Additionally, the SEC recently announced a settlement with an investment adviser for allegedly fraudulent marketing practices. In In the Matter of Aladdin Capital Mgmt., the fund marketed itself as being “better” because it “co-invests alongside ... investors in every program. Putting meaningful ‘skin in the game’ as we do means our financial interests are aligned with those of our ... investors.” Despite the assertions in the marketing materials, the SEC alleged that the fund did not co-invest.

Best Practices

Enforcement trends relating to valuation issues, insider trading and other fraudulent practices are likely to continue this year, especially in light of the recent statements made by SEC leadership.

In this environment of heightened enforcement, strong training and compliance policies are the first line of defense. In several actions, the SEC has noted the absence of meaningful policies or, where such policies exist, the respondents’ deliberate disregard of those policies. Particularly in light of the SEC’s focus on valuation, funds should focus on contemporaneous documentation of their valuations and the use of consistent valuation methodologies. Karpati suggested that firms should “test and verify [their] valuation procedures.” Specifically regarding the compliance structure in private equity funds, Karpati pointed out, “Private equity COOs and CFOs are absolutely critical in making sure that clients’ interests are placed ahead of the interests of the management company and its principals ... Private equity firms should integrate compliance risk into their overall risk management process and should ensure that COOs, CFOs, CCOs and other risk managers are able to proactively spot and correct situations where [issues] may arise.”

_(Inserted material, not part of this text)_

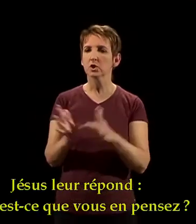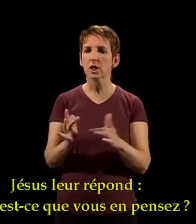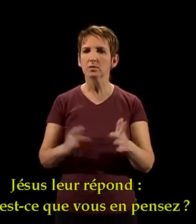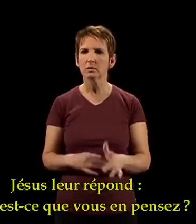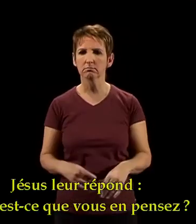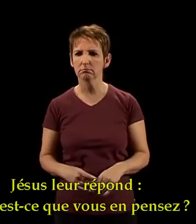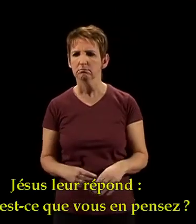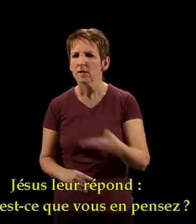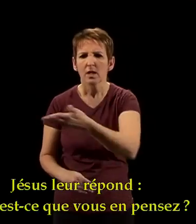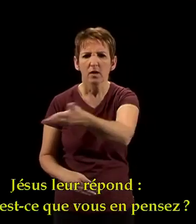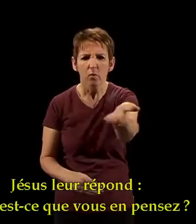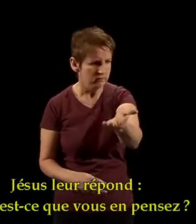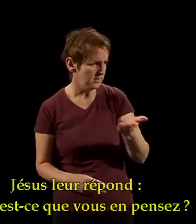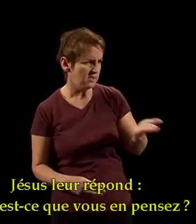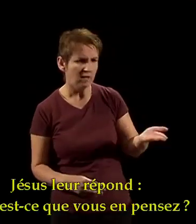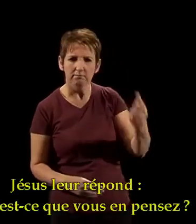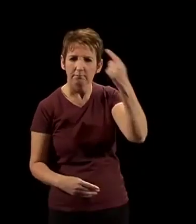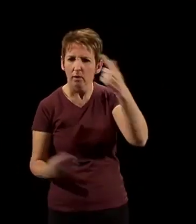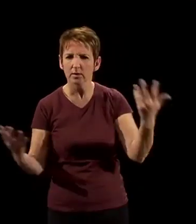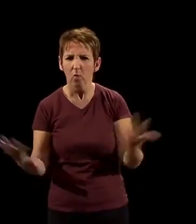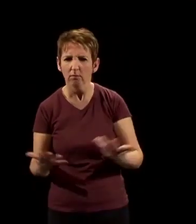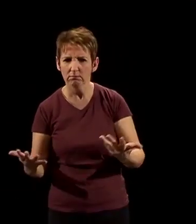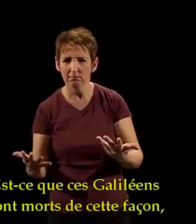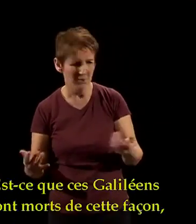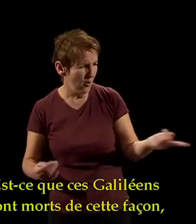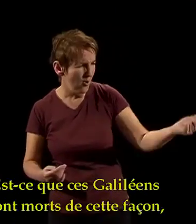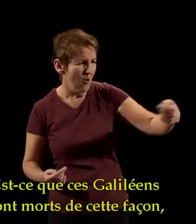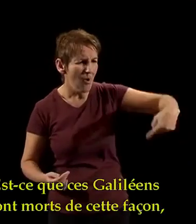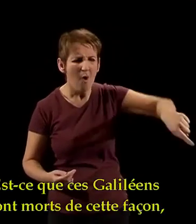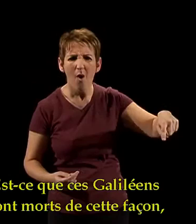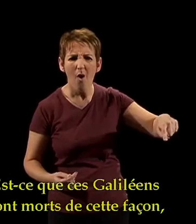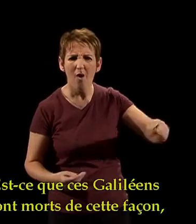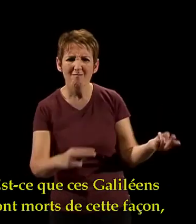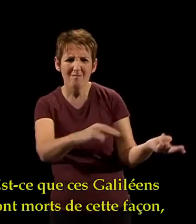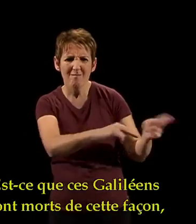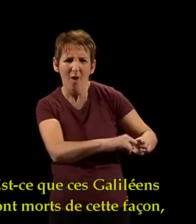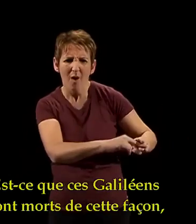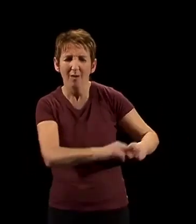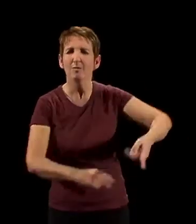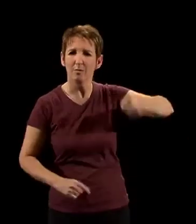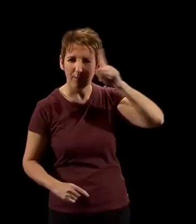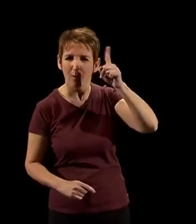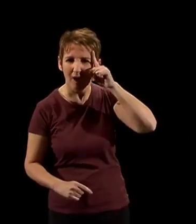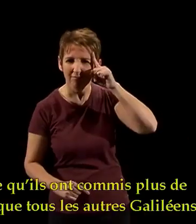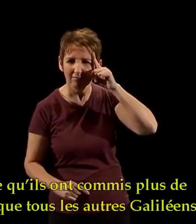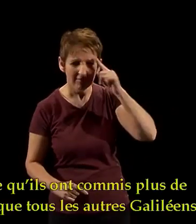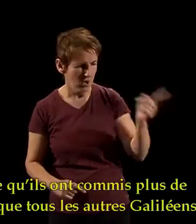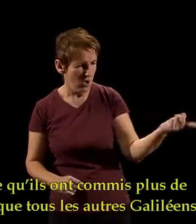Jésus leur répond « Qu'est-ce que vous en pensez ? Est-ce que ces Galiléens sont morts de cette façon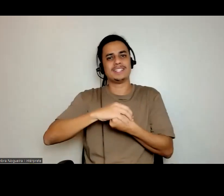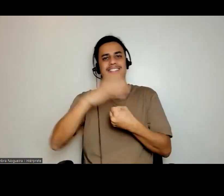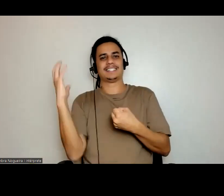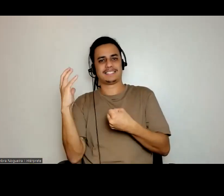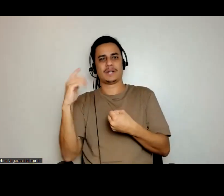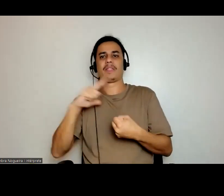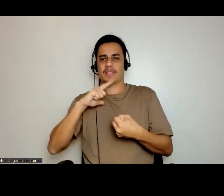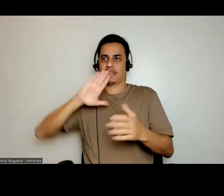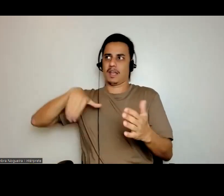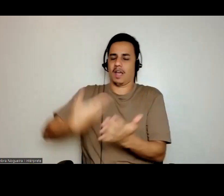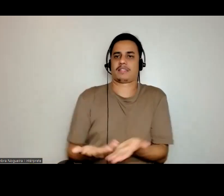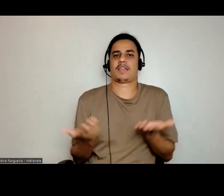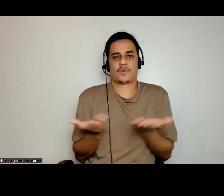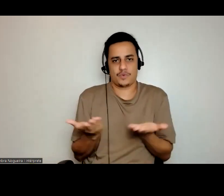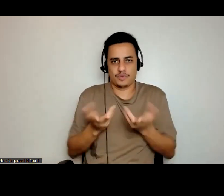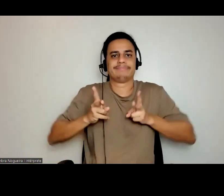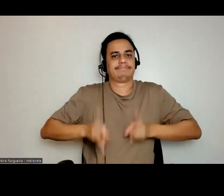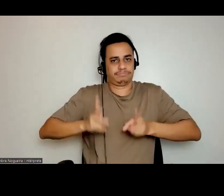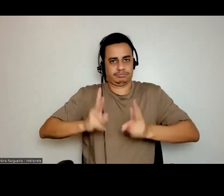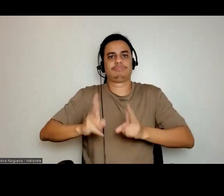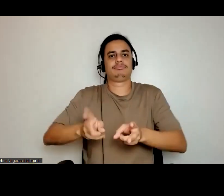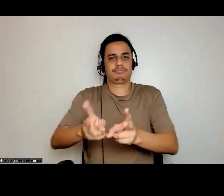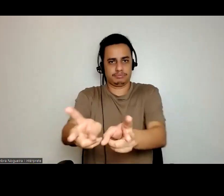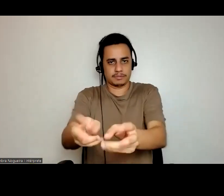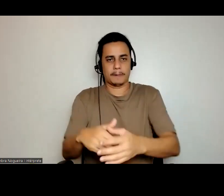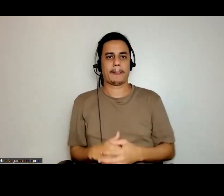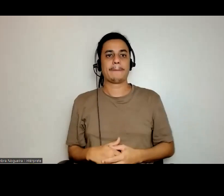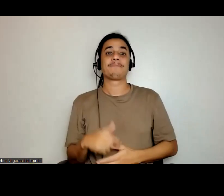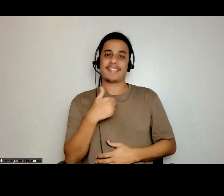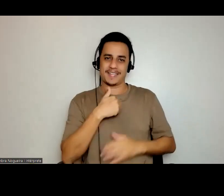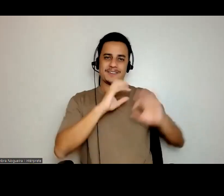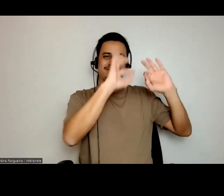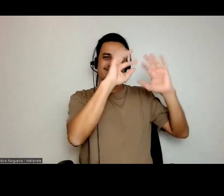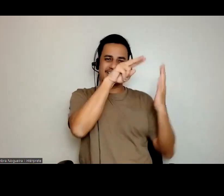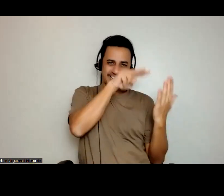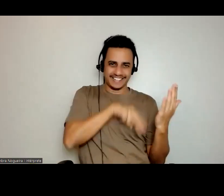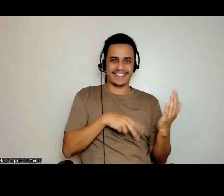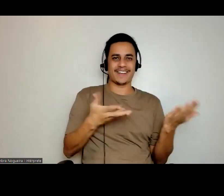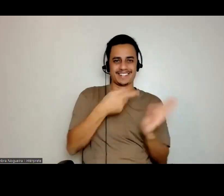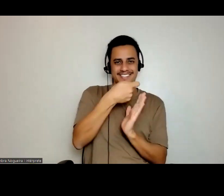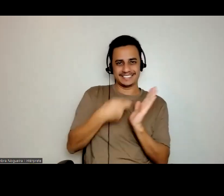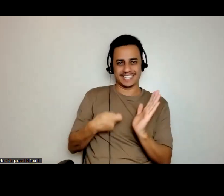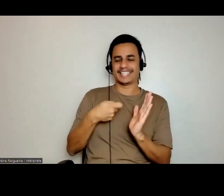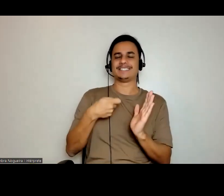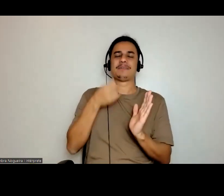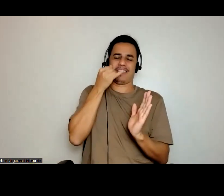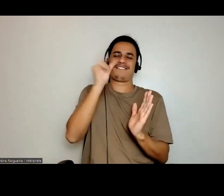que se estende até os dias atuais. Então, eu elaborei esse textinho para não dispersar muito.

Although there is no magic formula that can guarantee freedom from SEC inquiries, regulators generally view strong policies favorably in conducting their investigations. Should an SEC examination occur, Karpati advised, “It is important to be cooperative with exam staff while an examination takes place. It is also important to implement any necessary corrective steps if the SEC staff identifies deficiencies or possible violations. Taking these steps will help the examination process to proceed more efficiently and reduce the likelihood of more formal inquiries by the Enforcement Division or AMU staff.”